**What is expected:** In your copy, set down the entries exactly and exclude the pictures.

# # # # #

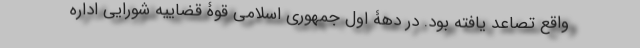
واقع تصاعد یافته بود. در دهۀ اول جمهوری اسلامی قوۀ قضاییه شورایی اداره
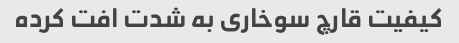
کیفیت قارچ سوخاری به شدت افت کرده
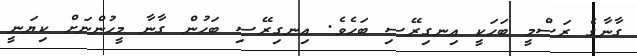
ގާނާގެ ރަސްމީ ބަހަކީ އިނގިރޭސި ބަހެވެ. އިނގިރޭސި ބަހުން ގާނާ މީހުންނަށް ކިޔަނީ
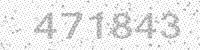
Solution: 471843
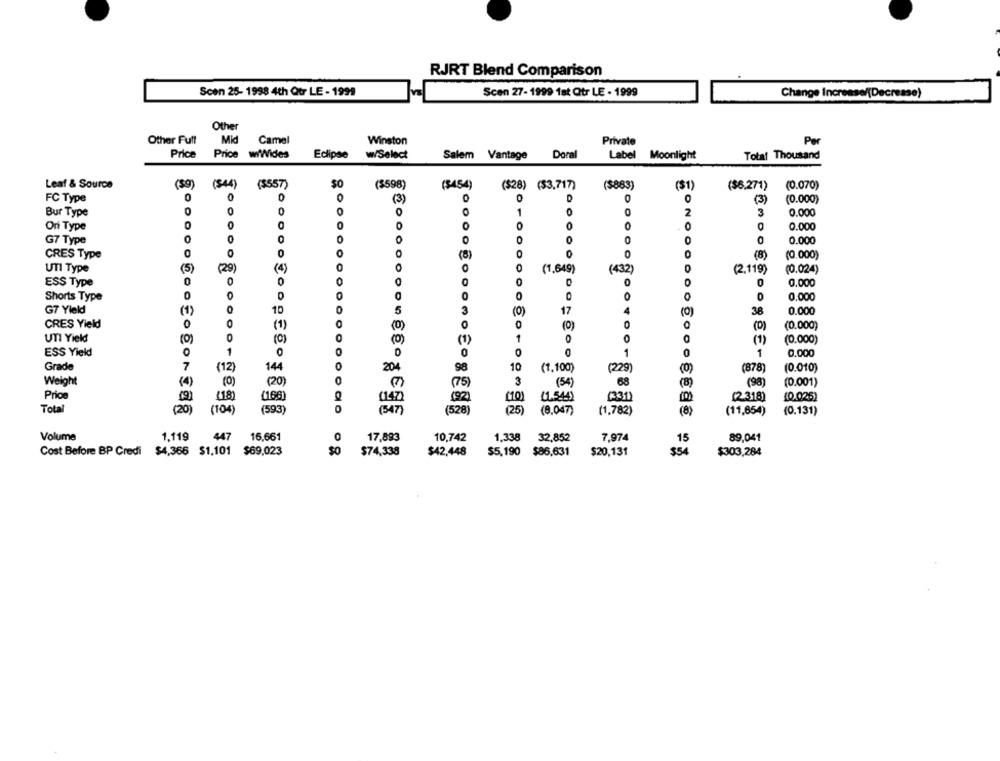
RJRT Blend Comparison
Scen 25- 1998 4th Qtr LE - 1999
Scen 27- 1999 1st Qtr LE - 1999
Change Increase/(Decrease)
Other
Other Full
Mid
Camel
Winston
Private
Per
Price
Price wiWides
Eclipse
w/Select
Salem Vantage
Doral
Label
Moonlight
Total Thousand
Leaf & Source
($9)
(844)
($557)
($598)
($454)
($28) ($3,717)
($863)
(31)
($6.271)
(0.070)
FC Type
0
0
0
0
0
0
(3)
(3)
(0.000)
Bur Type
0
0
0
0
1
2
3
0.000
Oni Type
O
0
0
0
0.000
G7 Type
0
0
0
0
0
0
0
0
0.000
0
CRES Type
0
0
0
(8)
(0.000)
UTI Type
(5)
(29)
0
(1,649)
(432)
(2,119)
(0.024)
ESS Type
0
0
0
0.000
0
0
Shorts Type
0
0
0
0
0
0
0
0.000
G7 Yield
10
5
3
(O)
17
4
(0)
38
0.000
CRES Yield
0
0
(1)
(0)
0
(0)
0
0
(O)
(0.000)
UTI Yield
(O)
0
(0)
(1)
1
0
0
(1)
(0.000)
1
ESS Yield
0
0
0
1
0
1
0.000
144
10
Grade
(12)
204
98
(1.100)
(229)
(878)
(0.010)
Weight
0
3
(4)
(0)
(20)
(75)
(54)
68
(98)
(0.001)
(18)
(92)
Price
(166)
147
(10)
11.544)
(331)
100
(2 318)
(0.025)
Total
(20)
(104
(593)
(528)
(25)
(8,047)
(1,782)
(11,654)
(0.131)
Volume
1.119
447
16,661
0
17,893
10,742
1,338
32.852
7,974
15
89.041
Cost Before BP Credi
$4,366 $1,101
$69,023
$74,338
$42,448
$5,190
$20,131
$54
$303,284
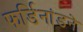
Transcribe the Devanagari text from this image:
फर्डिनांडने
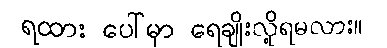
ရထား ပေါ်မှာ ရေချိုးလို့ရမလား။
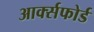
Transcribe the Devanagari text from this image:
आर्क्सफोर्ड
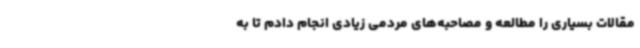
مقالات بسیاری را مطالعه و مصاحبه‌های مردمی زیادی انجام دادم تا به
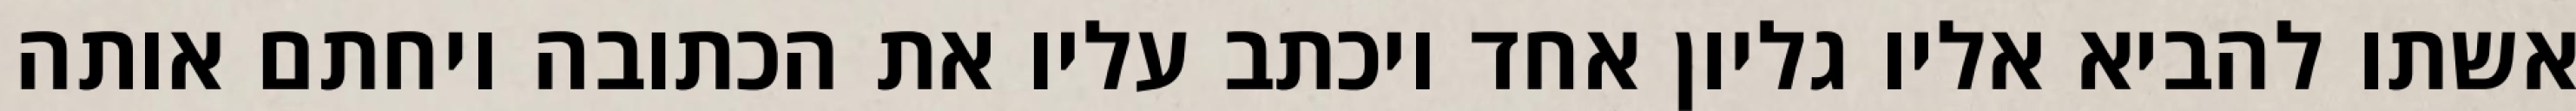
אשתו להביא אליו גליון אחד ויכתב עליו את הכתובה ויחתם אותה
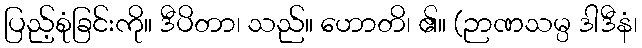
ပြည့်စုံခြင်းကို။ ဒီပိတာ၊ သည်။ ဟောတိ၊ ၏။ (ဉာဏသမ္ပ ဒါဒီနံ၊
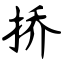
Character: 挢
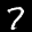
Label: 7

# # # # #

**Your response:**
واقع تصاعد یافته بود. در دهۀ اول جمهوری اسلامی قوۀ قضاییه شورایی اداره
کیفیت قارچ سوخاری به شدت افت کرده
ގާނާގެ ރަސްމީ ބަހަކީ އިނގިރޭސި ބަހެވެ. އިނގިރޭސި ބަހުން ގާނާ މީހުންނަށް ކިޔަނީ
Solution: 471843
RJRT Blend Comparison
Scen 25- 1998 4th Qtr LE - 1999
Scen 27- 1999 1st Qtr LE - 1999
Change Increase/(Decrease)
Other
Other Full
Mid
Camel
Winston
Private
Per
Price
Price wiWides
Eclipse
w/Select
Salem Vantage
Doral
Label
Moonlight
Total Thousand
Leaf & Source
($9)
(844)
($557)
($598)
($454)
($28) ($3,717)
($863)
(31)
($6.271)
(0.070)
FC Type
0
0
0
0
0
0
(3)
(3)
(0.000)
Bur Type
0
0
0
0
1
2
3
0.000
Oni Type
O
0
0
0
0.000
G7 Type
0
0
0
0
0
0
0
0
0.000
0
CRES Type
0
0
0
(8)
(0.000)
UTI Type
(5)
(29)
0
(1,649)
(432)
(2,119)
(0.024)
ESS Type
0
0
0
0.000
0
0
Shorts Type
0
0
0
0
0
0
0
0.000
G7 Yield
10
5
3
(O)
17
4
(0)
38
0.000
CRES Yield
0
0
(1)
(0)
0
(0)
0
0
(O)
(0.000)
UTI Yield
(O)
0
(0)
(1)
1
0
0
(1)
(0.000)
1
ESS Yield
0
0
0
1
0
1
0.000
144
10
Grade
(12)
204
98
(1.100)
(229)
(878)
(0.010)
Weight
0
3
(4)
(0)
(20)
(75)
(54)
68
(98)
(0.001)
(18)
(92)
Price
(166)
147
(10)
11.544)
(331)
100
(2 318)
(0.025)
Total
(20)
(104
(593)
(528)
(25)
(8,047)
(1,782)
(11,654)
(0.131)
Volume
1.119
447
16,661
0
17,893
10,742
1,338
32.852
7,974
15
89.041
Cost Before BP Credi
$4,366 $1,101
$69,023
$74,338
$42,448
$5,190
$20,131
$54
$303,284
Transcribe the Devanagari text from this image:
फर्डिनांडने
ရထား ပေါ်မှာ ရေချိုးလို့ရမလား။
Transcribe the Devanagari text from this image:
आर्क्सफोर्ड
مقالات بسیاری را مطالعه و مصاحبه‌های مردمی زیادی انجام دادم تا به
אשתו להביא אליו גליון אחד ויכתב עליו את הכתובה ויחתם אותה
ပြည့်စုံခြင်းကို။ ဒီပိတာ၊ သည်။ ဟောတိ၊ ၏။ (ဉာဏသမ္ပ ဒါဒီနံ၊
Character: 挢
Label: 7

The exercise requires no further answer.